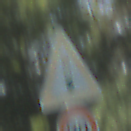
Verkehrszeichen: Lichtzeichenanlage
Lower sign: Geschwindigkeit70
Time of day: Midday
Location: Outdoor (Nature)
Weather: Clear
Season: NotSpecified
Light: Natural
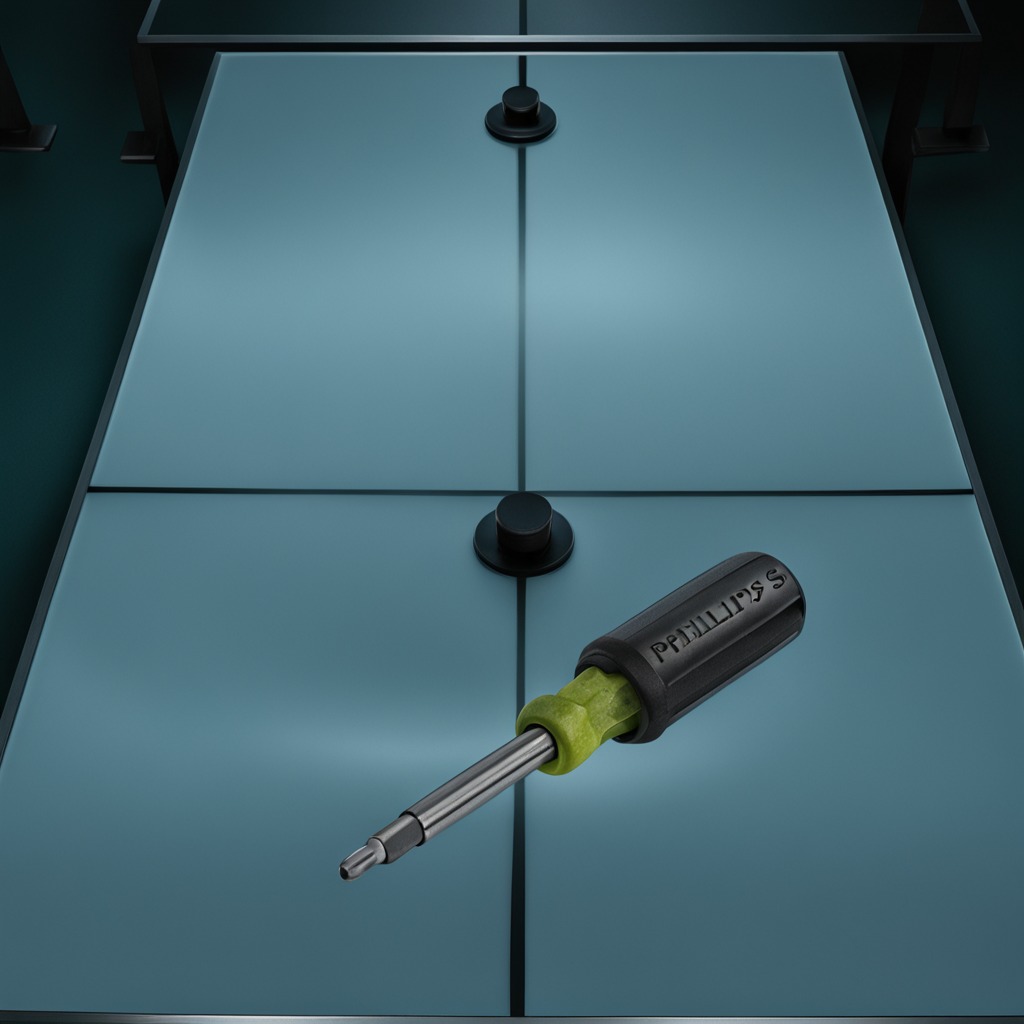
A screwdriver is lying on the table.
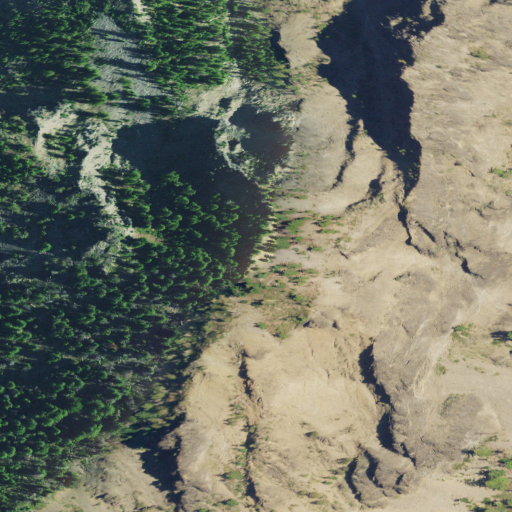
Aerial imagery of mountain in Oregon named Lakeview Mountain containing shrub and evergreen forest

┄┄┄┄┄┄

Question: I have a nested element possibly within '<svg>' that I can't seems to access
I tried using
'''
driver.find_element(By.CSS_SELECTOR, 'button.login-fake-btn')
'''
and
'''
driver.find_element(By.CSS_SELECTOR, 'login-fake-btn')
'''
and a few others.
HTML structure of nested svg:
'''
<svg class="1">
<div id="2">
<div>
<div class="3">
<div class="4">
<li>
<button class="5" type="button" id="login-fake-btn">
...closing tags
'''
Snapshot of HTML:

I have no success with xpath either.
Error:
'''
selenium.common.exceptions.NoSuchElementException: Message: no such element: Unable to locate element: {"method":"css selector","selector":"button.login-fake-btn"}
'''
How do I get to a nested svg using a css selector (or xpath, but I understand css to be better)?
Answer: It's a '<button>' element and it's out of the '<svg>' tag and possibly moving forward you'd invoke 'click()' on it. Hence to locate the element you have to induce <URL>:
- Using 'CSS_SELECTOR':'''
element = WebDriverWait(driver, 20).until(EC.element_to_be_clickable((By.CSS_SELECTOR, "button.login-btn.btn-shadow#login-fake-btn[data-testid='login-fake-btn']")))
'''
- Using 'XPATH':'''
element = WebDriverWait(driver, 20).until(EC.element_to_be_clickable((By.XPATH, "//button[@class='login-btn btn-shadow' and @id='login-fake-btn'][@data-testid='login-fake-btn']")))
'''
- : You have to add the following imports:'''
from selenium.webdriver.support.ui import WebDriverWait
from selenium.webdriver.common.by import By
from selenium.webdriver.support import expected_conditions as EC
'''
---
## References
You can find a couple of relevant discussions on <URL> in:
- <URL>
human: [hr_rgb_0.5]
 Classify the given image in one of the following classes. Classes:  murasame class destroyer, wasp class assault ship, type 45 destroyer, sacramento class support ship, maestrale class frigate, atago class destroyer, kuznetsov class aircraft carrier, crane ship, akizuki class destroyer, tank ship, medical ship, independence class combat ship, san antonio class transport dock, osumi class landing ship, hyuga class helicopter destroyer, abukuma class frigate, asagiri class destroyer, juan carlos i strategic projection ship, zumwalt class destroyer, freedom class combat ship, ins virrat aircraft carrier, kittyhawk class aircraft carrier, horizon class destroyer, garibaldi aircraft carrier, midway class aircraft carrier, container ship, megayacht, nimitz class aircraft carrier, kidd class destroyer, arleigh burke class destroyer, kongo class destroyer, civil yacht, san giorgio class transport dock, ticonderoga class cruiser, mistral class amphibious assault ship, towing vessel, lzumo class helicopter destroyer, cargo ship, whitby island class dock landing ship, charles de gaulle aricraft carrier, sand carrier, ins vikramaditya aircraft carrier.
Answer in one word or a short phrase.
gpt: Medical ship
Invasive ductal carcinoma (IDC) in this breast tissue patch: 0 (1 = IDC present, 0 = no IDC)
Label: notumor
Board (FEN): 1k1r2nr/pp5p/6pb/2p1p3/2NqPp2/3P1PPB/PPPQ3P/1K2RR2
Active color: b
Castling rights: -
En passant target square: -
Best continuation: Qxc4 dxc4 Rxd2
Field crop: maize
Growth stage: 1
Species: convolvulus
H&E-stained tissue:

┄┄┄┄┄┄

- _Exercise_: Looking at the data above, how many lines hold the string "ship"? Reply with only the number.

- _Answer box_: 2